## [Your instructions]
Copy exactly the lines of the material below that fall between the line with "An aerial image. It shows: Public" and the line with "Nodule present: no", both of those lines included; pictures stay out.

## [Supplied data]
________________________________________

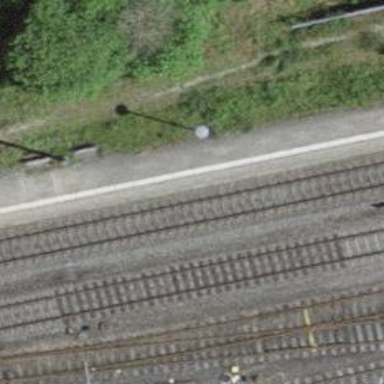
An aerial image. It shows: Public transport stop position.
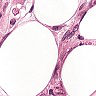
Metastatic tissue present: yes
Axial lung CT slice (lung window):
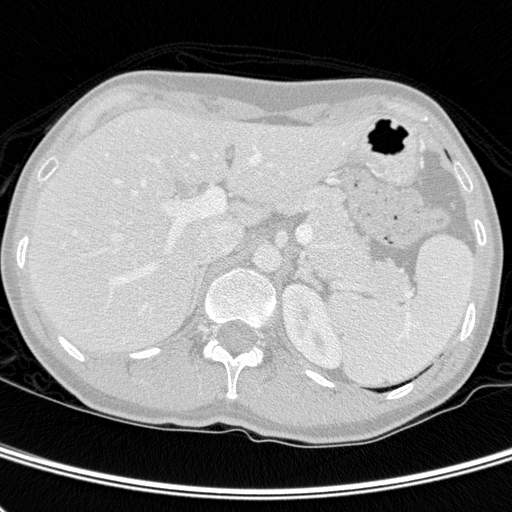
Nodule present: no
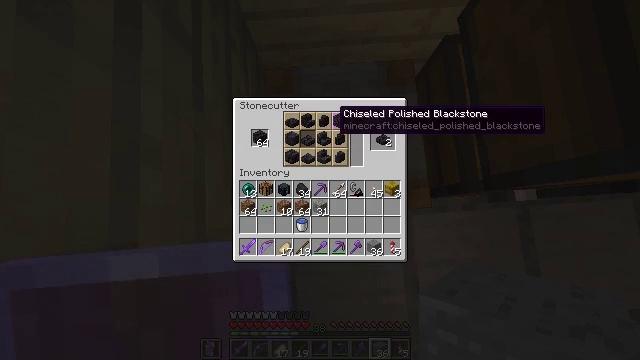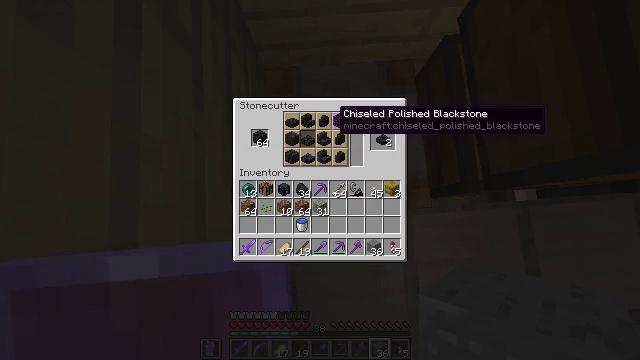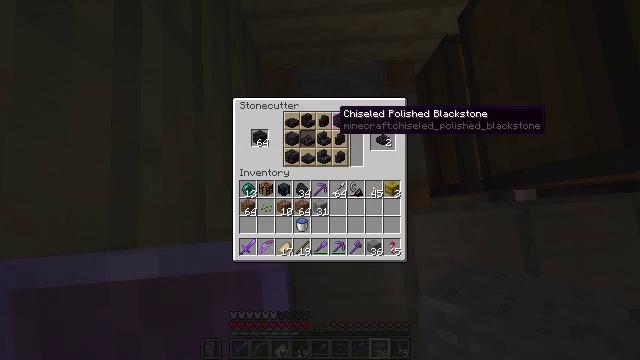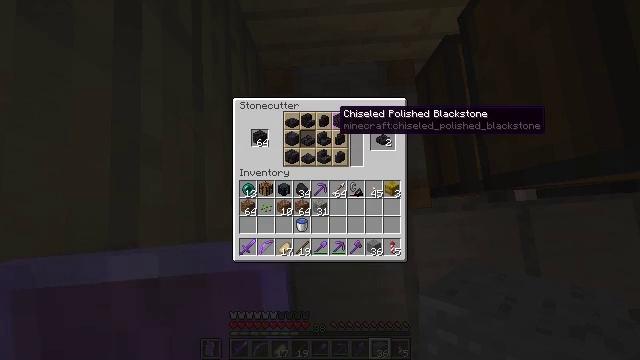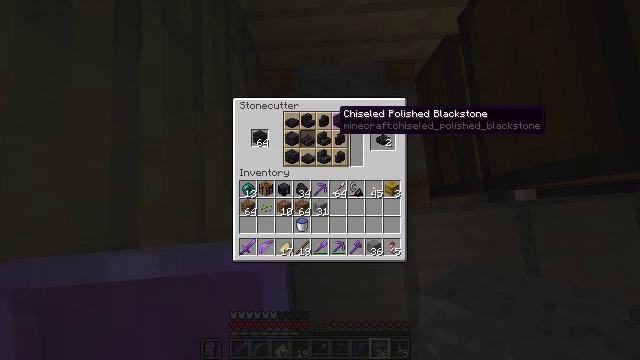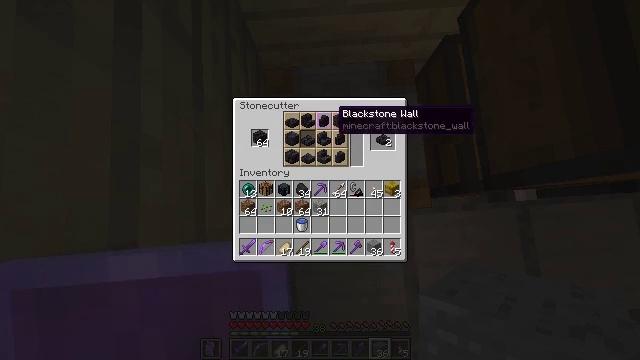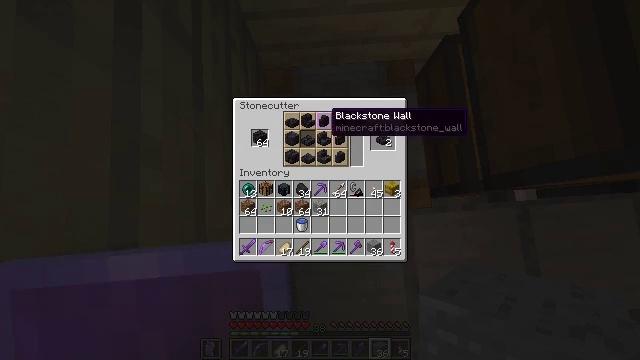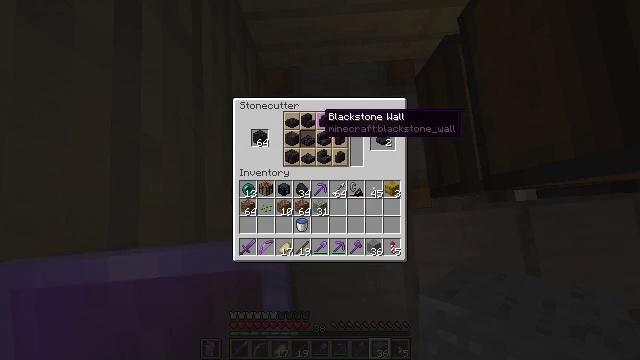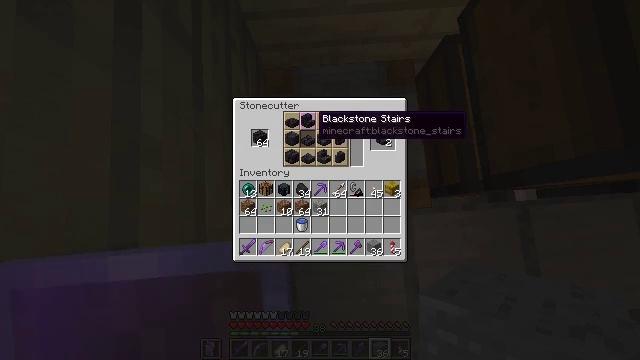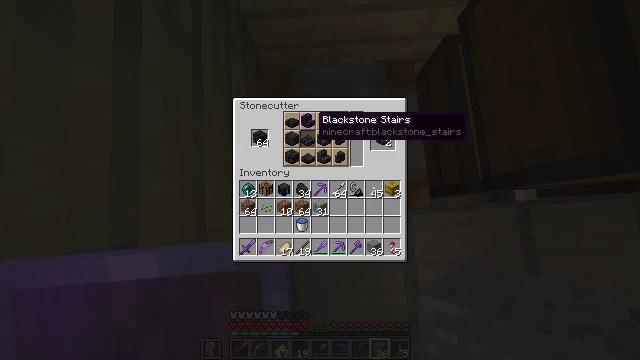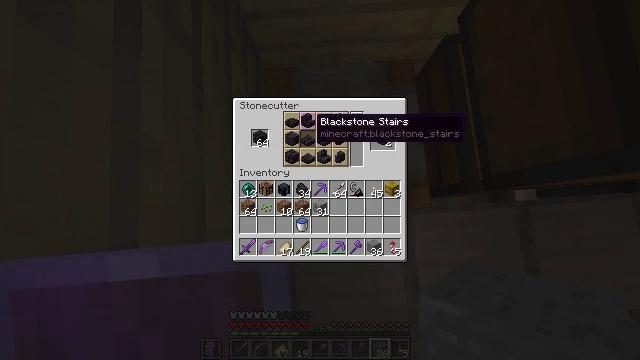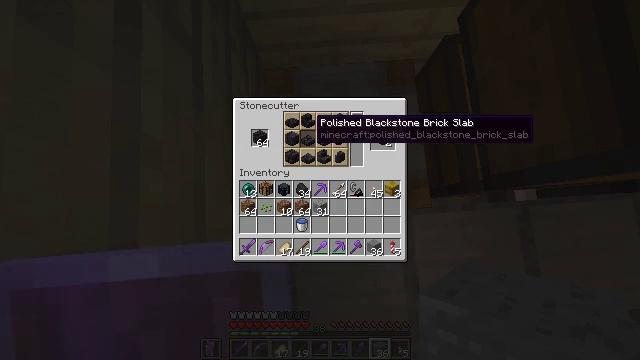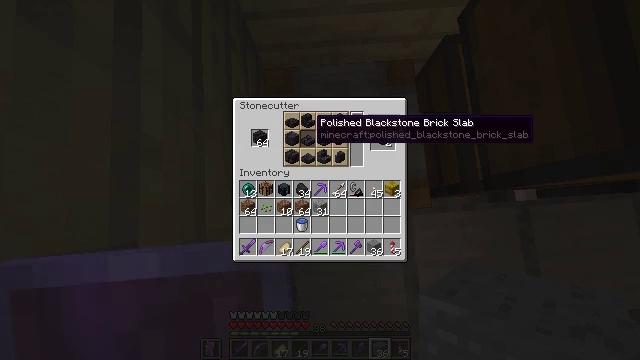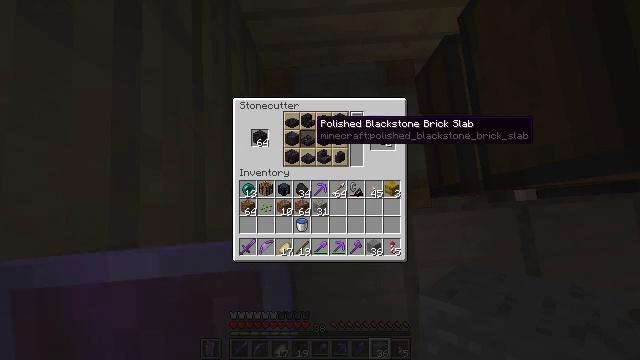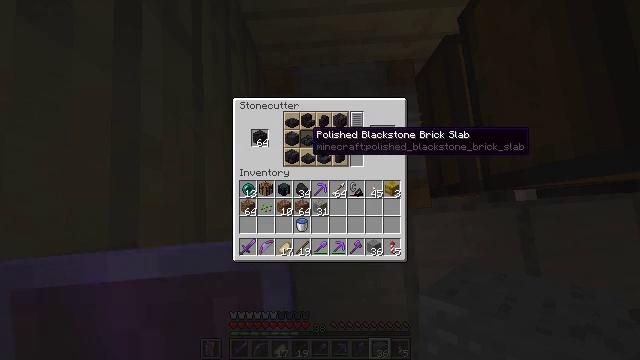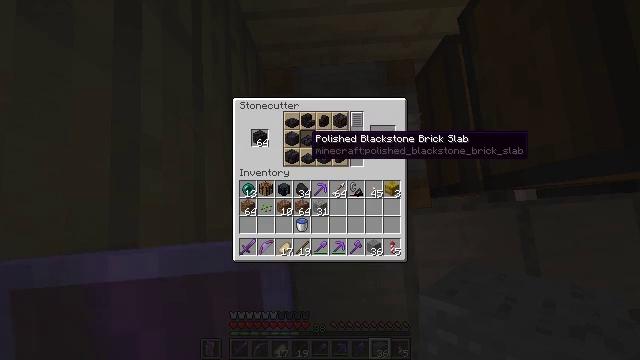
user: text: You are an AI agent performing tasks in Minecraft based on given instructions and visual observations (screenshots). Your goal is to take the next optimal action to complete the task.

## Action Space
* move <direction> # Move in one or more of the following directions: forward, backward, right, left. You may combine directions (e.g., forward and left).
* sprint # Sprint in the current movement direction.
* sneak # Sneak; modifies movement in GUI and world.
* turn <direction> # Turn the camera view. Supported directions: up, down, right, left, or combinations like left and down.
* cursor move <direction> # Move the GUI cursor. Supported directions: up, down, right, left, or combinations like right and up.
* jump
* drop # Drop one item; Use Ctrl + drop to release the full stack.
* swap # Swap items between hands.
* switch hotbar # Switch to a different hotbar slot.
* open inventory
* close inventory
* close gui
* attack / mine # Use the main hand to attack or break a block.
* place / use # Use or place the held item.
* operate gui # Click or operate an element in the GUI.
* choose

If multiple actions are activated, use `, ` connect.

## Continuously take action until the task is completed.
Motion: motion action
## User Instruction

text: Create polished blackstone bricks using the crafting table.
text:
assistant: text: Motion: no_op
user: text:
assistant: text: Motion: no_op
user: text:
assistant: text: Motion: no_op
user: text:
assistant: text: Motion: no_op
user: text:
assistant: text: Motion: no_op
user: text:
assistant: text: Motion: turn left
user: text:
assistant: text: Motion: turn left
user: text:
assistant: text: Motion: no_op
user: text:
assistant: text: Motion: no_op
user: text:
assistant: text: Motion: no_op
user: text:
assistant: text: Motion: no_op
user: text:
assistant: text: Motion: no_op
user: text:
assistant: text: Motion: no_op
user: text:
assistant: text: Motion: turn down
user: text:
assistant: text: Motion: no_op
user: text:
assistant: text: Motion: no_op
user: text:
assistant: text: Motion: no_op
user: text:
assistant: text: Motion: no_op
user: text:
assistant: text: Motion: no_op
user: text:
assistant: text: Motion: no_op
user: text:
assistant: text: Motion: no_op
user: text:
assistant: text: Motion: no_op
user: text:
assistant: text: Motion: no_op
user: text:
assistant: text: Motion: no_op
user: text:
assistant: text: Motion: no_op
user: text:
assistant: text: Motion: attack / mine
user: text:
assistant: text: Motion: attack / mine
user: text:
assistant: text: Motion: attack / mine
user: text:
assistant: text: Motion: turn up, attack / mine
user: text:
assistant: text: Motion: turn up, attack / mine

________________________________________

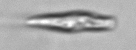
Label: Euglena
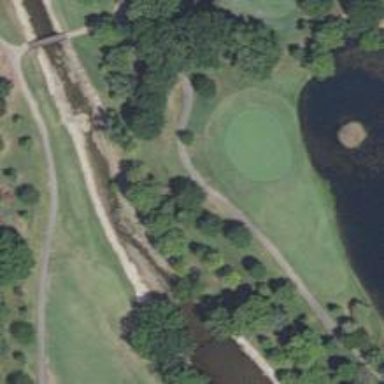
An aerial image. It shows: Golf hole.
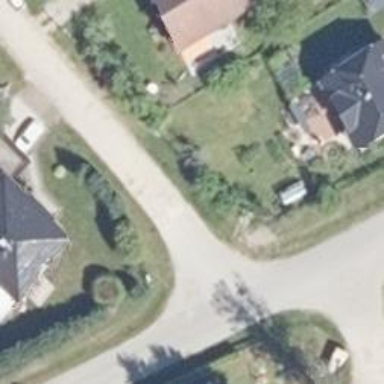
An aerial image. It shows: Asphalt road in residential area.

________________________________________

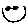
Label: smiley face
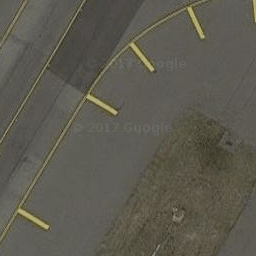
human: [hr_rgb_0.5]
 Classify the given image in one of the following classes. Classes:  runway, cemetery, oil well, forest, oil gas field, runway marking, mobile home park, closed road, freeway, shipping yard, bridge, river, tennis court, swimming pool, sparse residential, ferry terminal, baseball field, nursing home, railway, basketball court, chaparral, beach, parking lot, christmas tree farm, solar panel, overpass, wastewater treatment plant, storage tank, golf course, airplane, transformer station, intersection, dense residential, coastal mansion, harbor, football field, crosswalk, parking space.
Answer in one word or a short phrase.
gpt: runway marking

________________________________________

## [Your response]
An aerial image. It shows: Public transport stop position.
Metastatic tissue present: yes
Axial lung CT slice (lung window):
Nodule present: no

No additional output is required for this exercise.